Since when is animal cruelty "heart-warming"?!
This movie is disgusting, plain and simple. It's about a bunch of idiotic and cowardly humans who deserved every hardship they got. Peck's character is bitten by a snake so shoots a deer and orders his son to mutilate the body in the name of psuedoscience to "save" him. Afterward, the boy begs to take in the murdered deer's fawn. It grows up and does normal animal (and human) things ... like eating. This is deemed "threatening" and "misbehaving" because the animal is interfering with humans lives (not at all like the way its mother did when the humans disemboweled it! Hypocrites.) These kinds of people blame deers, bears, dogs, raccoons, the weather, god, everything but themselves for their own problems but take all the credit for things when they work out. (Obviously they never heard of a little thing called Karma.) The theme: Humans reign supreme but when helpless before natures they destroy it (when they aren't busy destroying each other, that is). Also, good, caring children must have their minds and souls drummed out of them in order to become cold, heartless adults. Beyond the horrors of this story, the film also has bad acting and fake "outdoor" sets. Peck usually picks crappy movies for his resume, but Wyman must have been temporarily insane to want to take on such a hateful and unsympathetic role as this.
A personal favorite
I first saw this movie when I was 12. Since then, and over the course of 4 decades, I've probably seen it another 5 or 6 times.

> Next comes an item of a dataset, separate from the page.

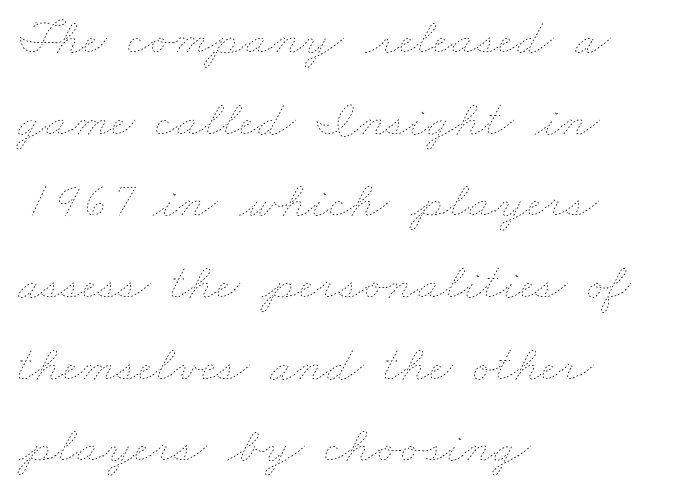
Words float on clear page, feet unadorned. These lines are rendered in a variable-pitch font. Leftover space on each line is placed entirely after the last word. Is the letter spacing exaggerated? No — it looks like the ordinary default. Notice how descenders clear the ascenders below comfortably — that's standard leading. Letters have the restrained weight of plain body copy at most.

The personalities, the locale, and that period of time are nicely woven around every human trait and emotion that surfaces in this brilliant survivor story anchored by Peck's never-say-die sense of hope.
- Jarrod McDonald
1. It's a deeply moving story, and Wyman is probably the best among the cast. 2. I didn't like the editing...it seemed as if Clarence Brown was afraid to let the shots of the land and animals play out...he was often in a hurry to cut back or dissolve back to the human actors. 3. I don't think Technicolor adds to this film; it would've been just as effective in black and white. 4. Jarman overacts, and I think they should've reigned him in a bit more. 5. Peck seems to play his poverty-stricken character almost for laughs, and I think there should've been more integrity in the portrayal...it should not be a caricature or cartoon character.
Brilliant For the Genre
There is a most tender brilliance at the core of what can be a heart wrenching movie. The fawn Flag serves as an allegory for the boy Jody, balancing uneasily on the brink of adolescence and possessed of a tenderness and vulnerability we can all recognize in memories of ourselves at that point in life.Jody is the Yearling. It also serves an interesting and somewhat realistic look at the reality of life during that time in our country's history. The interwoven themes of historical hardships, familial love and relationships all provide depth while the location shooting in southern Florida provides a great look at the wilderness of that area at the time of filming. The second unit shots of the deer are amazing. Highly recommend. ANd if you're feeling sentimental, don't forget the tissues.
Not Brillent, but Great.
I have watched this movie today!!!The yearling makes me think about I want a Deer so much. I would really enjoy this movie well.